## [Task]
Work through the entries below and report how many lines include "roof". The number alone is the answer.

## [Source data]
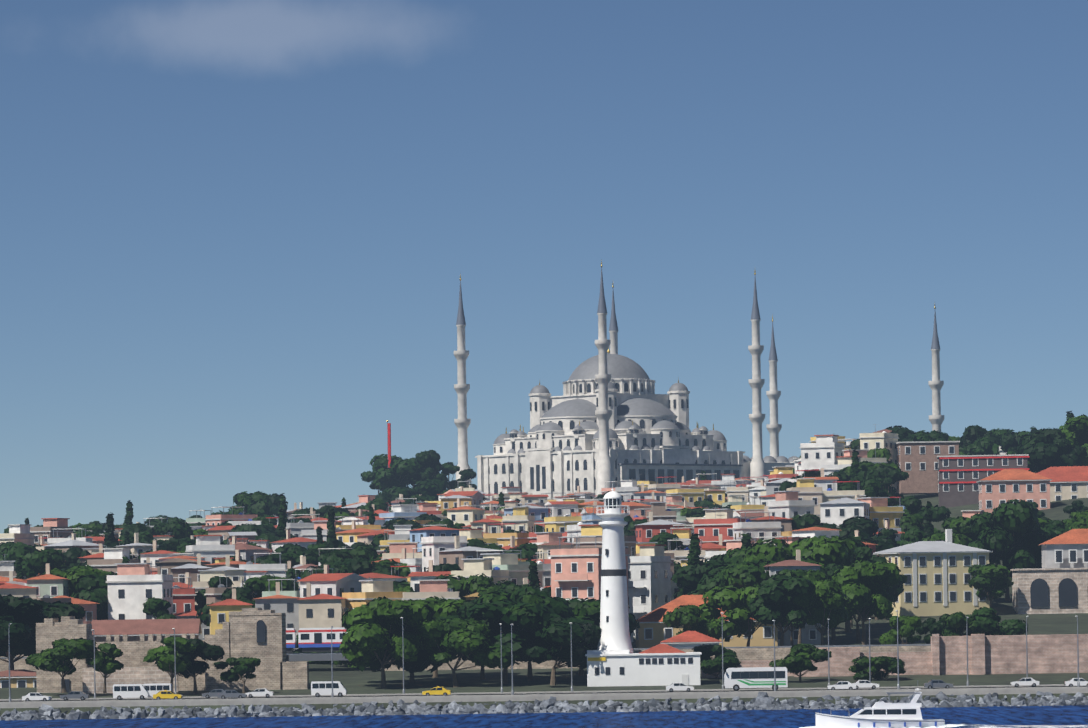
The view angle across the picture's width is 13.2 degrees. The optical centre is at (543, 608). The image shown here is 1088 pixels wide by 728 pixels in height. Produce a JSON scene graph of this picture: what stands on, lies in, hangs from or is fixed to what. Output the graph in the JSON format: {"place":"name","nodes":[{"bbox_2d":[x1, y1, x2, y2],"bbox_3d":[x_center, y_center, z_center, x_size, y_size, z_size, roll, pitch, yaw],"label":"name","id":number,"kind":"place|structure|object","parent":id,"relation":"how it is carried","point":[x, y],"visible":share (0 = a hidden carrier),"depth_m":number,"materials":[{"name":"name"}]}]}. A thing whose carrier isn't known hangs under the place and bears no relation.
{"place":"outdoors","nodes":[
{"label":"outdoors","id":0,"kind":"place"},
{"bbox_2d":[0,494,1087,716],"bbox_3d":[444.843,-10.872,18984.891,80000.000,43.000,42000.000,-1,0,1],"label":"terrain","id":1,"kind":"structure","parent":0,"point":[366,680],"depth_m":636.54,"materials":[{"name":"green plant"}]},
{"bbox_2d":[0,669,36,687],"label":"building","id":2,"kind":"structure","parent":1,"relation":"on","point":[21,678],"depth_m":644.51,"materials":[{"name":"yellow paint"}]},
{"bbox_2d":[0,594,47,669],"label":"tree","id":3,"kind":"object","parent":1,"relation":"on","point":[29,611],"visible":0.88,"depth_m":649.29,"materials":[{"name":"green plant"}]},
{"bbox_2d":[0,542,64,562],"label":"tree","id":4,"kind":"object","parent":1,"relation":"on","point":[14,552],"visible":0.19,"depth_m":892.04,"materials":[{"name":"green plant"}]},
{"bbox_2d":[21,548,65,577],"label":"tree","id":5,"kind":"object","parent":1,"relation":"on","point":[33,564],"visible":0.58,"depth_m":823.76,"materials":[{"name":"green plant"}]},
{"bbox_2d":[31,600,85,636],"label":"tree","id":6,"kind":"object","parent":1,"relation":"on","point":[58,609],"visible":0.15,"depth_m":661.88,"materials":[{"name":"green plant"}]},
{"bbox_2d":[25,638,97,692],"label":"tree","id":7,"kind":"object","parent":1,"relation":"on","point":[59,655],"visible":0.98,"depth_m":622.35,"materials":[{"name":"green plant"}]},
{"bbox_2d":[63,547,91,567],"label":"tree","id":8,"kind":"object","parent":1,"relation":"on","point":[72,555],"visible":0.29,"depth_m":862.27,"materials":[{"name":"green plant"}]},
{"bbox_2d":[40,564,116,595],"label":"tree","id":9,"kind":"object","parent":1,"relation":"on","point":[72,574],"visible":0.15,"depth_m":735.94,"materials":[{"name":"green plant"}]},
{"bbox_2d":[69,574,107,619],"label":"tree","id":10,"kind":"object","parent":1,"relation":"on","point":[92,588],"visible":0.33,"depth_m":728.56,"materials":[{"name":"green plant"}]},
{"bbox_2d":[85,643,123,692],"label":"tree","id":11,"kind":"object","parent":1,"relation":"on","point":[106,662],"visible":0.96,"depth_m":623.02,"materials":[{"name":"green plant"}]},
{"bbox_2d":[103,512,118,551],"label":"tree","id":12,"kind":"object","parent":1,"relation":"on","point":[110,540],"visible":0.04,"depth_m":910.80,"materials":[{"name":"green plant"}]},
{"bbox_2d":[91,618,201,641],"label":"brown building","id":13,"kind":"structure","parent":1,"relation":"on","point":[133,629],"depth_m":694.41,"materials":[{"name":"tile"}]},
{"bbox_2d":[143,597,176,618],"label":"tree","id":14,"kind":"object","parent":1,"relation":"on","point":[157,607],"visible":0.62,"depth_m":720.60,"materials":[{"name":"green plant"}]},
{"bbox_2d":[143,636,195,692],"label":"tree","id":15,"kind":"object","parent":1,"relation":"on","point":[163,657],"visible":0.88,"depth_m":621.48,"materials":[{"name":"green plant"}]},
{"bbox_2d":[36,608,308,693],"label":"old sea walls","id":16,"kind":"structure","parent":1,"relation":"on","point":[259,633],"depth_m":631.30,"materials":[{"name":"stone"}]},
{"bbox_2d":[154,520,193,538],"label":"tree","id":17,"kind":"object","parent":1,"relation":"on","point":[179,530],"visible":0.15,"depth_m":984.35,"materials":[{"name":"green plant"}]},
{"bbox_2d":[159,638,228,692],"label":"tree","id":18,"kind":"object","parent":1,"relation":"on","point":[204,650],"visible":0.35,"depth_m":625.33,"materials":[{"name":"green plant"}]},
{"bbox_2d":[195,576,233,611],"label":"tree","id":19,"kind":"object","parent":1,"relation":"on","point":[213,582],"visible":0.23,"depth_m":742.27,"materials":[{"name":"green plant"}]},
{"bbox_2d":[196,586,254,625],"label":"tree","id":20,"kind":"object","parent":1,"relation":"on","point":[244,594],"visible":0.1,"depth_m":720.44,"materials":[{"name":"green plant"}]},
{"bbox_2d":[220,657,260,692],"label":"tree","id":21,"kind":"object","parent":1,"relation":"on","point":[241,668],"visible":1,"depth_m":623.57,"materials":[{"name":"green plant"}]},
{"bbox_2d":[211,491,271,515],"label":"tree","id":22,"kind":"object","parent":1,"relation":"on","point":[255,501],"visible":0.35,"depth_m":1140.70,"materials":[{"name":"green plant"}]},
{"bbox_2d":[221,523,270,543],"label":"tree","id":23,"kind":"object","parent":1,"relation":"on","point":[250,527],"visible":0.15,"depth_m":970.27,"materials":[{"name":"green plant"}]},
{"bbox_2d":[243,574,298,600],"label":"tree","id":24,"kind":"object","parent":1,"relation":"on","point":[258,586],"visible":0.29,"depth_m":724.42,"materials":[{"name":"green plant"}]},
{"bbox_2d":[256,552,296,568],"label":"tree","id":25,"kind":"object","parent":1,"relation":"on","point":[274,558],"visible":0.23,"depth_m":812.46,"materials":[{"name":"green plant"}]},
{"bbox_2d":[322,507,339,552],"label":"tree","id":26,"kind":"object","parent":1,"relation":"on","point":[332,541],"visible":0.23,"depth_m":886.99,"materials":[{"name":"green plant"}]},
{"bbox_2d":[318,548,353,567],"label":"tree","id":27,"kind":"object","parent":1,"relation":"on","point":[329,558],"visible":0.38,"depth_m":803.42,"materials":[{"name":"green plant"}]},
{"bbox_2d":[322,558,401,576],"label":"tree","id":28,"kind":"object","parent":1,"relation":"on","point":[358,566],"visible":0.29,"depth_m":767.09,"materials":[{"name":"green plant"}]},
{"bbox_2d":[339,596,431,687],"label":"tree","id":29,"kind":"object","parent":1,"relation":"on","point":[370,625],"visible":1,"depth_m":628.50,"materials":[{"name":"green plant"}]},
{"bbox_2d":[352,613,465,682],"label":"tree","id":30,"kind":"object","parent":1,"relation":"on","point":[422,662],"visible":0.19,"depth_m":639.77,"materials":[{"name":"green plant"}]},
{"bbox_2d":[380,477,452,500],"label":"tree","id":31,"kind":"object","parent":1,"relation":"on","point":[430,488],"visible":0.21,"depth_m":1300.62,"materials":[{"name":"green plant"}]},
{"bbox_2d":[393,596,464,677],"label":"tree","id":32,"kind":"object","parent":1,"relation":"on","point":[443,607],"visible":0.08,"depth_m":647.86,"materials":[{"name":"green plant"}]},
{"bbox_2d":[0,644,930,671],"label":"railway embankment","id":33,"kind":"structure","parent":1,"relation":"on","point":[751,653],"depth_m":670.53,"materials":[{"name":"stone"}]},
{"bbox_2d":[286,627,347,652],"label":"commuter train","id":34,"kind":"object","parent":33,"relation":"on","point":[317,640],"visible":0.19,"depth_m":673.16,"materials":[{"name":"blue paint"}]},
{"bbox_2d":[413,618,520,686],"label":"tree","id":35,"kind":"object","parent":1,"relation":"on","point":[466,636],"visible":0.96,"depth_m":628.97,"materials":[{"name":"green plant"}]},
{"bbox_2d":[434,573,515,599],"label":"tree","id":36,"kind":"object","parent":1,"relation":"on","point":[464,586],"visible":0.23,"depth_m":712.36,"materials":[{"name":"green plant"}]},
{"bbox_2d":[456,599,504,679],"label":"tree","id":37,"kind":"object","parent":1,"relation":"on","point":[461,610],"visible":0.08,"depth_m":643.82,"materials":[{"name":"green plant"}]},
{"bbox_2d":[0,427,1005,656],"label":"hillside houses","id":38,"kind":"structure","parent":1,"relation":"on","point":[763,509],"depth_m":841.85,"materials":[{"name":"white paint"}]},
{"bbox_2d":[369,454,417,489],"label":"tree","id":39,"kind":"object","parent":38,"relation":"on","point":[399,471],"visible":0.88,"depth_m":1324.69,"materials":[{"name":"green plant"}]},
{"bbox_2d":[413,450,446,480],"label":"tree","id":40,"kind":"object","parent":38,"relation":"on","point":[429,458],"visible":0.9,"depth_m":1329.65,"materials":[{"name":"green plant"}]},
{"bbox_2d":[475,584,535,600],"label":"tree","id":41,"kind":"object","parent":1,"relation":"on","point":[508,588],"visible":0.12,"depth_m":705.50,"materials":[{"name":"green plant"}]},
{"bbox_2d":[460,599,555,683],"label":"tree","id":42,"kind":"object","parent":1,"relation":"on","point":[522,615],"visible":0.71,"depth_m":631.02,"materials":[{"name":"green plant"}]},
{"bbox_2d":[473,586,574,680],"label":"tree","id":43,"kind":"object","parent":1,"relation":"on","point":[556,605],"visible":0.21,"depth_m":640.04,"materials":[{"name":"green plant"}]},
{"bbox_2d":[0,691,1087,720],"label":"shore rocks","id":44,"kind":"object","parent":1,"relation":"on","point":[762,701],"visible":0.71,"depth_m":592.07,"materials":[{"name":"grey stone"}]},
{"bbox_2d":[512,613,601,685],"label":"tree","id":45,"kind":"object","parent":1,"relation":"on","point":[556,631],"visible":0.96,"depth_m":628.77,"materials":[{"name":"green plant"}]},
{"bbox_2d":[544,598,600,675],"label":"tree","id":46,"kind":"object","parent":1,"relation":"on","point":[588,609],"visible":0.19,"depth_m":647.75,"materials":[{"name":"green plant"}]},
{"bbox_2d":[585,484,701,686],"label":"lighthouse","id":47,"kind":"object","parent":1,"relation":"on","point":[613,659],"visible":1,"depth_m":629.81,"materials":[{"name":"white paint"}]},
{"bbox_2d":[649,532,687,550],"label":"tree","id":48,"kind":"object","parent":1,"relation":"on","point":[662,538],"visible":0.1,"depth_m":824.31,"materials":[{"name":"green plant"}]},
{"bbox_2d":[678,533,701,596],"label":"tree","id":49,"kind":"object","parent":1,"relation":"on","point":[694,551],"visible":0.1,"depth_m":751.97,"materials":[{"name":"green plant"}]},
{"bbox_2d":[660,631,721,647],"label":"roof","id":50,"kind":"structure","parent":1,"relation":"on","point":[689,639],"depth_m":680.36,"materials":[{"name":"tile"}]},
{"bbox_2d":[662,605,721,637],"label":"tree","id":51,"kind":"object","parent":1,"relation":"on","point":[688,617],"visible":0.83,"depth_m":688.89,"materials":[{"name":"green plant"}]},
{"bbox_2d":[454,259,943,500],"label":"mosque","id":52,"kind":"structure","parent":1,"relation":"on","point":[601,422],"depth_m":1386.85,"materials":[{"name":"stone"}]},
{"bbox_2d":[672,554,725,598],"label":"tree","id":53,"kind":"object","parent":1,"relation":"on","point":[688,576],"visible":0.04,"depth_m":747.67,"materials":[{"name":"green plant"}]},
{"bbox_2d":[635,595,777,647],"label":"red roof hall","id":54,"kind":"structure","parent":1,"relation":"on","point":[653,630],"depth_m":711.77,"materials":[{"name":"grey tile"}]},
{"bbox_2d":[687,565,728,594],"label":"tree","id":55,"kind":"object","parent":1,"relation":"on","point":[711,579],"visible":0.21,"depth_m":719.73,"materials":[{"name":"green plant"}]},
{"bbox_2d":[692,644,740,677],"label":"tree","id":56,"kind":"object","parent":1,"relation":"on","point":[709,665],"visible":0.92,"depth_m":640.32,"materials":[{"name":"green plant"}]},
{"bbox_2d":[699,585,789,646],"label":"tree","id":57,"kind":"object","parent":1,"relation":"on","point":[733,602],"visible":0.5,"depth_m":693.16,"materials":[{"name":"green plant"}]},
{"bbox_2d":[720,542,776,567],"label":"tree","id":58,"kind":"object","parent":1,"relation":"on","point":[734,555],"visible":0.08,"depth_m":743.73,"materials":[{"name":"green plant"}]},
{"bbox_2d":[717,558,826,587],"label":"tree","id":59,"kind":"object","parent":1,"relation":"on","point":[748,574],"visible":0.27,"depth_m":713.97,"materials":[{"name":"green plant"}]},
{"bbox_2d":[748,574,813,645],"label":"tree","id":60,"kind":"object","parent":1,"relation":"on","point":[774,591],"visible":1,"depth_m":686.03,"materials":[{"name":"green plant"}]},
{"bbox_2d":[764,568,826,643],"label":"tree","id":61,"kind":"object","parent":1,"relation":"on","point":[813,575],"visible":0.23,"depth_m":709.67,"materials":[{"name":"green plant"}]},
{"bbox_2d":[742,535,856,566],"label":"tree","id":62,"kind":"object","parent":1,"relation":"on","point":[824,550],"visible":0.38,"depth_m":732.41,"materials":[{"name":"green plant"}]},
{"bbox_2d":[769,644,831,681],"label":"tree","id":63,"kind":"object","parent":1,"relation":"on","point":[797,659],"visible":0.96,"depth_m":628.41,"materials":[{"name":"green plant"}]},
{"bbox_2d":[789,513,820,530],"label":"tree","id":64,"kind":"object","parent":1,"relation":"on","point":[803,521],"visible":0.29,"depth_m":857.79,"materials":[{"name":"green plant"}]},
{"bbox_2d":[789,578,848,644],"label":"tree","id":65,"kind":"object","parent":1,"relation":"on","point":[822,601],"visible":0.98,"depth_m":688.64,"materials":[{"name":"green plant"}]},
{"bbox_2d":[841,536,872,632],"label":"tree","id":66,"kind":"object","parent":1,"relation":"on","point":[863,550],"visible":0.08,"depth_m":742.54,"materials":[{"name":"green plant"}]},
{"bbox_2d":[830,558,900,644],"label":"tree","id":67,"kind":"object","parent":1,"relation":"on","point":[855,590],"visible":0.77,"depth_m":709.17,"materials":[{"name":"green plant"}]},
{"bbox_2d":[834,516,897,538],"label":"tree","id":68,"kind":"object","parent":1,"relation":"on","point":[848,526],"visible":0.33,"depth_m":845.31,"materials":[{"name":"green plant"}]},
{"bbox_2d":[840,461,900,494],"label":"tree","id":69,"kind":"object","parent":1,"relation":"on","point":[866,466],"visible":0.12,"depth_m":996.65,"materials":[{"name":"green plant"}]},
{"bbox_2d":[852,578,889,642],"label":"tree","id":70,"kind":"object","parent":1,"relation":"on","point":[870,584],"visible":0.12,"depth_m":712.69,"materials":[{"name":"green plant"}]},
{"bbox_2d":[846,531,899,551],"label":"tree","id":71,"kind":"object","parent":1,"relation":"on","point":[883,542],"visible":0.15,"depth_m":817.36,"materials":[{"name":"green plant"}]},
{"bbox_2d":[858,478,895,505],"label":"tree","id":72,"kind":"object","parent":1,"relation":"on","point":[871,487],"visible":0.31,"depth_m":925.90,"materials":[{"name":"green plant"}]},
{"bbox_2d":[849,656,905,680],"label":"tree","id":73,"kind":"object","parent":1,"relation":"on","point":[860,667],"visible":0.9,"depth_m":628.83,"materials":[{"name":"green plant"}]},
{"bbox_2d":[869,555,906,619],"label":"tree","id":74,"kind":"object","parent":1,"relation":"on","point":[896,590],"visible":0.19,"depth_m":779.22,"materials":[{"name":"green plant"}]},
{"bbox_2d":[873,465,908,505],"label":"tree","id":75,"kind":"object","parent":1,"relation":"on","point":[888,475],"visible":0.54,"depth_m":979.29,"materials":[{"name":"green plant"}]},
{"bbox_2d":[701,634,1087,677],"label":"brick sea walls","id":76,"kind":"structure","parent":1,"relation":"on","point":[995,654],"depth_m":638.80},
{"bbox_2d":[879,615,921,644],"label":"tree","id":77,"kind":"object","parent":1,"relation":"on","point":[908,626],"visible":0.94,"depth_m":674.34,"materials":[{"name":"green plant"}]},
{"bbox_2d":[897,528,926,545],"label":"tree","id":78,"kind":"object","parent":1,"relation":"on","point":[912,535],"visible":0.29,"depth_m":828.65,"materials":[{"name":"green plant"}]},
{"bbox_2d":[900,513,941,533],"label":"tree","id":79,"kind":"object","parent":1,"relation":"on","point":[909,521],"visible":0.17,"depth_m":867.56,"materials":[{"name":"green plant"}]},
{"bbox_2d":[895,496,950,525],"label":"tree","id":80,"kind":"object","parent":1,"relation":"on","point":[913,504],"visible":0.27,"depth_m":915.92,"materials":[{"name":"green plant"}]},
{"bbox_2d":[895,441,959,494],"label":"brick block","id":81,"kind":"structure","parent":1,"relation":"on","point":[917,461],"depth_m":1049.26,"materials":[{"name":"brick"}]},
{"bbox_2d":[914,617,946,643],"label":"tree","id":82,"kind":"object","parent":1,"relation":"on","point":[931,625],"visible":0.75,"depth_m":677.49,"materials":[{"name":"green plant"}]},
{"bbox_2d":[912,430,949,440],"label":"tree","id":83,"kind":"object","parent":1,"relation":"on","point":[933,435],"visible":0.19,"depth_m":1106.43,"materials":[{"name":"green plant"}]},
{"bbox_2d":[873,529,992,616],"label":"beige building","id":84,"kind":"structure","parent":1,"relation":"on","point":[937,574],"depth_m":788.89,"materials":[{"name":"paint"}]},
{"bbox_2d":[921,533,971,545],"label":"tree","id":85,"kind":"object","parent":1,"relation":"on","point":[962,539],"visible":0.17,"depth_m":825.06,"materials":[{"name":"green plant"}]},
{"bbox_2d":[939,611,979,635],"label":"tree","id":86,"kind":"object","parent":1,"relation":"on","point":[954,622],"visible":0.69,"depth_m":671.34,"materials":[{"name":"green plant"}]},
{"bbox_2d":[941,516,978,541],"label":"tree","id":87,"kind":"object","parent":1,"relation":"on","point":[958,525],"visible":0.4,"depth_m":841.20,"materials":[{"name":"green plant"}]},
{"bbox_2d":[959,425,1001,448],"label":"tree","id":88,"kind":"object","parent":1,"relation":"on","point":[971,434],"visible":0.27,"depth_m":1132.10,"materials":[{"name":"green plant"}]},
{"bbox_2d":[964,437,997,454],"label":"tree","id":89,"kind":"object","parent":1,"relation":"on","point":[983,446],"visible":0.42,"depth_m":1108.93,"materials":[{"name":"green plant"}]},
{"bbox_2d":[937,454,1029,507],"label":"dark building","id":90,"kind":"structure","parent":1,"relation":"on","point":[959,476],"depth_m":1010.34,"materials":[{"name":"concrete"}]},
{"bbox_2d":[968,564,1013,607],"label":"tree","id":91,"kind":"object","parent":1,"relation":"on","point":[994,581],"visible":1,"depth_m":786.27,"materials":[{"name":"green plant"}]},
{"bbox_2d":[959,607,1028,635],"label":"tree","id":92,"kind":"object","parent":1,"relation":"on","point":[988,619],"visible":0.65,"depth_m":674.41,"materials":[{"name":"green plant"}]},
{"bbox_2d":[968,498,1052,600],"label":"tree","id":93,"kind":"object","parent":1,"relation":"on","point":[1018,536],"visible":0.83,"depth_m":805.04,"materials":[{"name":"green plant"}]},
{"bbox_2d":[999,433,1021,452],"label":"tree","id":94,"kind":"object","parent":1,"relation":"on","point":[1008,442],"visible":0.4,"depth_m":1110.90,"materials":[{"name":"green plant"}]},
{"bbox_2d":[976,469,1051,512],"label":"pink house","id":95,"kind":"structure","parent":1,"relation":"on","point":[1000,487],"depth_m":974.04,"materials":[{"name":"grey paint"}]},
{"bbox_2d":[1010,529,1087,613],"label":"building","id":96,"kind":"structure","parent":1,"relation":"on","point":[1057,583],"depth_m":788.33,"materials":[{"name":"stone"}]},
{"bbox_2d":[1015,428,1085,470],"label":"tree","id":97,"kind":"object","parent":1,"relation":"on","point":[1040,450],"visible":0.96,"depth_m":1016.23,"materials":[{"name":"green plant"}]},
{"bbox_2d":[1036,466,1087,501],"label":"house","id":98,"kind":"structure","parent":1,"relation":"on","point":[1068,482],"depth_m":989.33,"materials":[{"name":"grey paint"}]},
{"bbox_2d":[1050,414,1087,465],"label":"tree","id":99,"kind":"object","parent":1,"relation":"on","point":[1075,429],"visible":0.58,"depth_m":1020.53,"materials":[{"name":"green plant"}]},
{"bbox_2d":[0,705,1087,727],"bbox_3d":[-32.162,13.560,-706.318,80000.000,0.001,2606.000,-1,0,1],"label":"sea water","id":100,"kind":"structure","parent":0,"point":[1064,716],"depth_m":552.10,"materials":[{"name":"blue liquid"}]},
{"bbox_2d":[815,680,944,727],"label":"motor yacht","id":101,"kind":"object","parent":100,"relation":"on","point":[880,714],"visible":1,"depth_m":484.96,"materials":[{"name":"white paint"}]},
{"bbox_2d":[799,724,1087,727],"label":"boat wake","id":102,"kind":"object","parent":100,"relation":"on","point":[977,725],"visible":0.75,"depth_m":484.62,"materials":[{"name":"white liquid"}]},
{"bbox_2d":[0,684,1087,707],"bbox_3d":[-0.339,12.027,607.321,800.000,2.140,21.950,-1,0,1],"label":"coast road","id":103,"kind":"structure","parent":0,"point":[594,695],"depth_m":596.91,"materials":[{"name":"grey asphalt"}]},
{"bbox_2d":[8,610,1079,701],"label":"street lamps","id":104,"kind":"object","parent":103,"relation":"on","point":[898,685],"visible":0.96,"depth_m":614.36,"materials":[{"name":"metal"}]},
{"bbox_2d":[22,667,1087,700],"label":"traffic","id":105,"kind":"object","parent":103,"relation":"on","point":[735,679],"visible":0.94,"depth_m":608.74,"materials":[{"name":"white metal"}]},
{"bbox_2d":[0,0,1087,533],"label":"sky","id":106,"kind":"structure","parent":0,"point":[238,238],"materials":[{"name":"blue"}]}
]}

## [The answer]
2